Edward Struzik’s Firestorm: How Wildfire Will Shape Our Future (2017) speaks alarmingly of a future dominated by ‘megafires’, as global temperatures rise, forests become drier and lightning strikes become more common. Warmer temperatures mean longer fire seasons, which in turn release more carbon into the atmosphere, increasing temperatures further. As an example, Struzik discusses the Horse River Fire, which tore through 1.5 million acres of inhabited land in Alberta, Canada, in 2016. Known by locals as ‘the Beast’, it turned 2,500 homes and 12,000 vehicles to ash, and forced 90,000 residents to evacuate. ‘The firestorm was of such ferocity,’ says Struzik, ‘it created its own weather patterns, including lightning strikes that set off smaller fires to herald its approach.’ More recently, bush fires in Australia began burning in September 2019 and grew more and more severe. By March 2020, when the authorities finally got the situation under control, a staggering 46 million acres had burnt, destroying 6,000 buildings, killing dozens of humans and an astonishing 1 billion animals. Somewhere, John of Patmos is nodding his head sagely.
The problem started some time ago. Since the Industrial Revolution in the eighteenth century, humans have been increasingly polluting the planet as the consumption of fossil fuels took off in earnest. At the time, few people noticed or concerned themselves with the effect on the environment, focusing their apocalyptic anxieties on a different fear: overpopulation. The increase in food production had led to a rapid growth in population that some felt was unsustainable. Of particular influence were the ideas of Thomas Malthus, an eighteenth-century British writer who calculated that population growth would always outpace food supply, resulting in starvation on a mass scale for the poorest in society. His controversial theories encouraged some to think the suffering of the poor inevitable, even divinely sanctioned.*
It is a mistake to insist that the global problem is ‘overpopulation’ – indeed, China’s one-child policy made an important dent in that vast country’s burgeoning population without reducing the country’s carbon pollution. Some might even point instead to the global dropping birth rates, combined with the pressures of an ageing society, as being more likely to threaten our societies. Still, concerns regarding overpopulation and the future of our species don’t necessarily track the science. It’s a fear that often informs popular culture.

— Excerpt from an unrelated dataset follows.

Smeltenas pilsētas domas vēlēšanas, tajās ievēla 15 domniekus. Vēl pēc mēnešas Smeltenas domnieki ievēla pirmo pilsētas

Take Soylent Green (1973), the cult film directed by Richard Fleischer and starring Charlton Heston, based on Harry Harrison’s novel Make Room! Make Room! (1966). The movie is markedly different to the novel.* Harrison’s overpopulation fable concentrates on the degradation of urban life. It is set in 1999, in a run-down New York so overcrowded that people have to share their apartments with strangers. For everyone except the super-rich, food is no longer delicious and varied; most people subsist upon a product made of soya beans and lentils called ‘soylent’. The plot of the novel is more or less inconsequential, but Harrison’s proposed solution to the problem of global overpopulation is the dissemination of contraception. In the last scene in the novel, the year 2000 begins and a big screen in Times Square announces, ‘Census says United States had biggest year ever, end-of-the-century, 344 million citizens!’† It’s almost an anticlimax.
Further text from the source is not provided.